Require medical offices and facilities have accessible equipment and technological infrastructure such as exam tables, screen equipment, and weight scales. For example, lack of such basic items has left people with disabilities unable to get preventative services as fundamental as mammograms and pap smears.

Obligate medical providers to ensure their Web-based, mobile, and kiosk services are accessible by adopting content accessibility guidelines.

Prioritize the provision of services in the most integrated setting appropriate for the individual, consistent with the Supreme Court’s Olmstead decision that enables people with disabilities to avoid preventable institutionalization.

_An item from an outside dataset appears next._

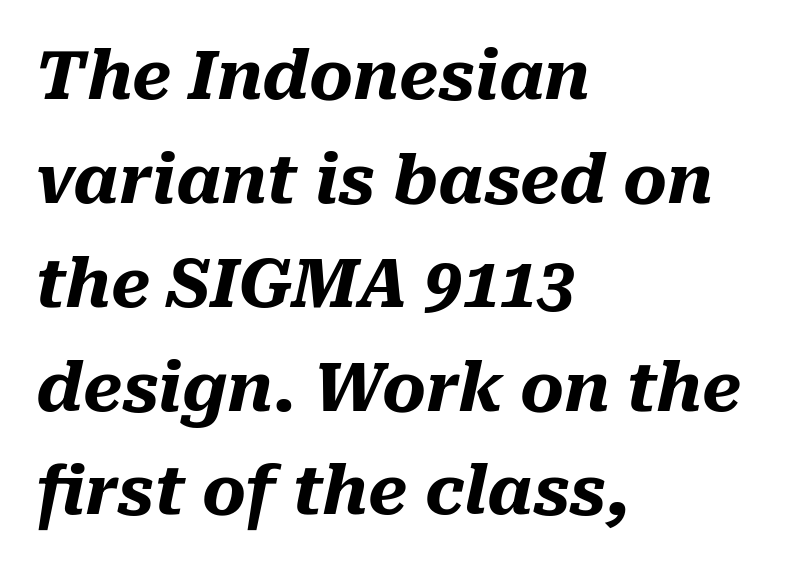
{"italic": "yes", "lean": "right", "slant_degrees": 10, "bold": "yes", "weight": "heavy", "width": "normal", "stroke_contrast": "medium", "x_height": "medium", "monospaced": "no", "underline": "no", "align": "left", "line_spacing": "normal", "line_spacing_ratio": 1.55, "letter_spacing": "normal", "letter_spacing_em": 0.0, "glyph_px": 67}

Prevent the use of discriminatory “value assessment methods” that limit or deny access to essential medications, treatments, equipment/aids, benefits, and services by people with disabilities by asserting that the costs of such outweigh the value added to their life. People with disabilities are particularly vulnerable to such institutional cost-containment measures by sheer frequency of occurrence and by category of incidence.

We must act now to support historic, proposed rule changes.

Take action before November 13, 2023.

Combatting ableism by targeting life-critical changes in the provision of healthcare is a Gospel imperative. Add your voice to the chorus of the faithful calling for these historic changes to Section 504 by providing your comments before November 13.

You can share your comments by going directly to the Federal Register (Docket ID Number HHS–OCR–2023–0013 – Discrimination on the Basis of Disability in Health and Human Service Programs or Activities). Select the “comment” button on the top left portion of the page for comments.

But don’t stop there. Share with your congregation’s clergy and lay leadership. Speak out against ableism both in church and in society and invite everyone to actively support life-affirming actions such as the proposed rule changes to Section 504.

Together we can advance God’s promises of shalom through the celebration of universal human dignity.